* What the task requires
Pictures must not appear in the copy. Restate exactly the lines below from the one with "Instruction: Hit the" through the one with "Action: click", inclusive.

* Entries supplied
+++
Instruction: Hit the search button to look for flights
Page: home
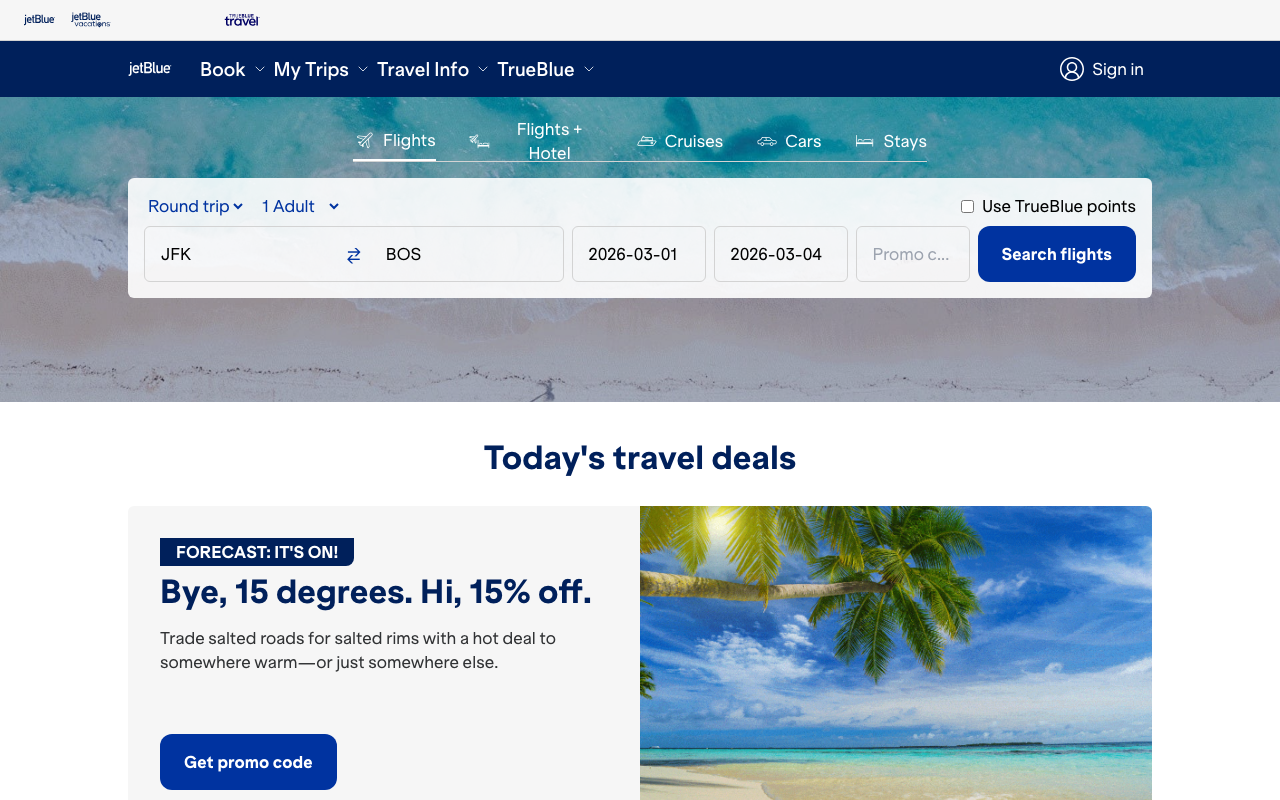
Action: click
+++
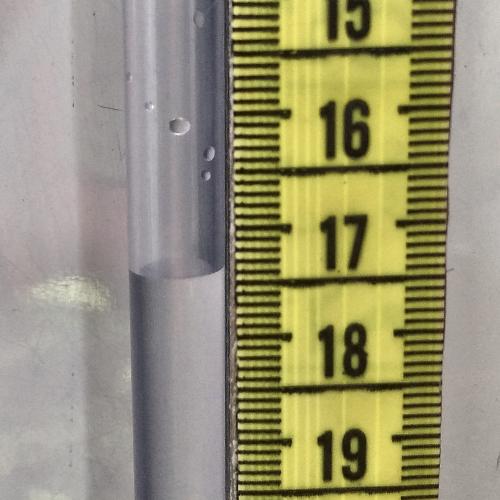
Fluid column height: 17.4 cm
+++
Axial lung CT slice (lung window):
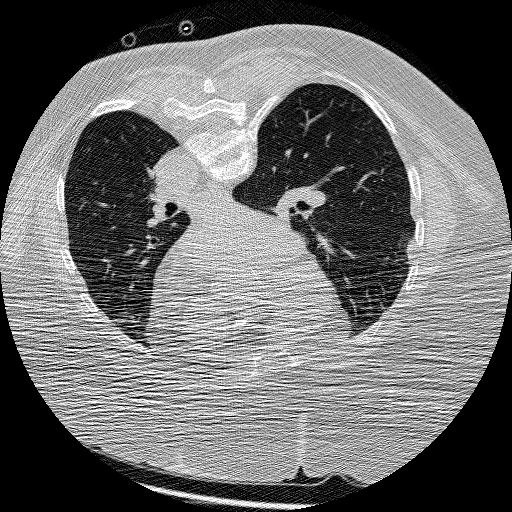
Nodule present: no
+++
* Response for this exercise
Instruction: Hit the search button to look for flights
Page: home
Action: click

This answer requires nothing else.